** TASK DETAILS **
All records below are to be repeated exactly, with the pictures left out.

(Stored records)
____

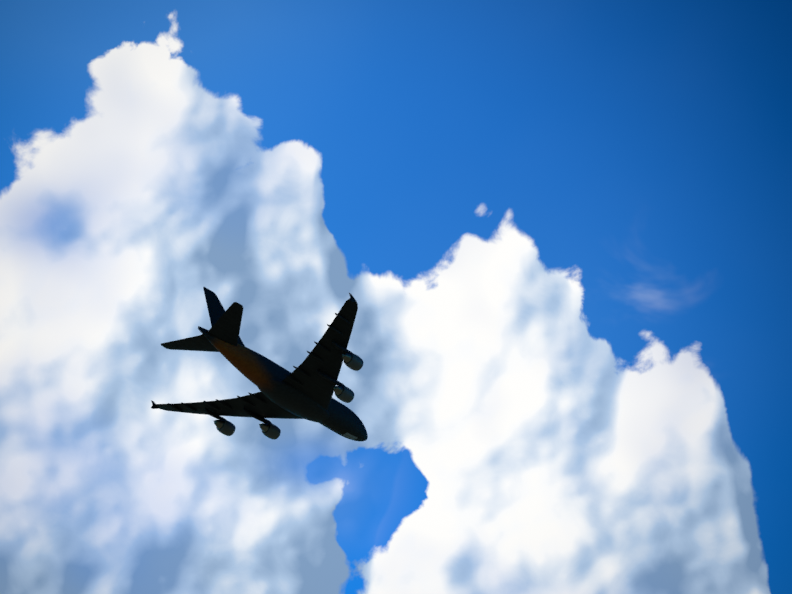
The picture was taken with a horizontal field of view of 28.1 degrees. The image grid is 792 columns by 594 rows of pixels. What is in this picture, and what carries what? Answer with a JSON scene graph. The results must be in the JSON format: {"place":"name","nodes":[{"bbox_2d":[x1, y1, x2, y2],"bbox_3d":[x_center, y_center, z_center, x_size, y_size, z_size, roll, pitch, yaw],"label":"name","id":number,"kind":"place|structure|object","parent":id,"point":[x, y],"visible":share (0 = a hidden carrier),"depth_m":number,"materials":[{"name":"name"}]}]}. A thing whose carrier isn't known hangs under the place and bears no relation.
{"place":"outdoors","nodes":[
{"label":"outdoors","id":0,"kind":"place"},
{"bbox_2d":[151,287,367,440],"bbox_3d":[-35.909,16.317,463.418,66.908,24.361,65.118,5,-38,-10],"label":"aircraft","id":1,"kind":"object","parent":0,"point":[306,388],"visible":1,"depth_m":460.87,"materials":[{"name":"paint"}]},
{"bbox_2d":[0,0,791,593],"label":"sky","id":2,"kind":"structure","parent":0,"point":[559,232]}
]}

____

** SOLUTION FOR THIS TASK **
The picture was taken with a horizontal field of view of 28.1 degrees. The image grid is 792 columns by 594 rows of pixels. What is in this picture, and what carries what? Answer with a JSON scene graph. The results must be in the JSON format: {"place":"name","nodes":[{"bbox_2d":[x1, y1, x2, y2],"bbox_3d":[x_center, y_center, z_center, x_size, y_size, z_size, roll, pitch, yaw],"label":"name","id":number,"kind":"place|structure|object","parent":id,"point":[x, y],"visible":share (0 = a hidden carrier),"depth_m":number,"materials":[{"name":"name"}]}]}. A thing whose carrier isn't known hangs under the place and bears no relation.
{"place":"outdoors","nodes":[
{"label":"outdoors","id":0,"kind":"place"},
{"bbox_2d":[151,287,367,440],"bbox_3d":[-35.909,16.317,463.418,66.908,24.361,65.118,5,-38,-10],"label":"aircraft","id":1,"kind":"object","parent":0,"point":[306,388],"visible":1,"depth_m":460.87,"materials":[{"name":"paint"}]},
{"bbox_2d":[0,0,791,593],"label":"sky","id":2,"kind":"structure","parent":0,"point":[559,232]}
]}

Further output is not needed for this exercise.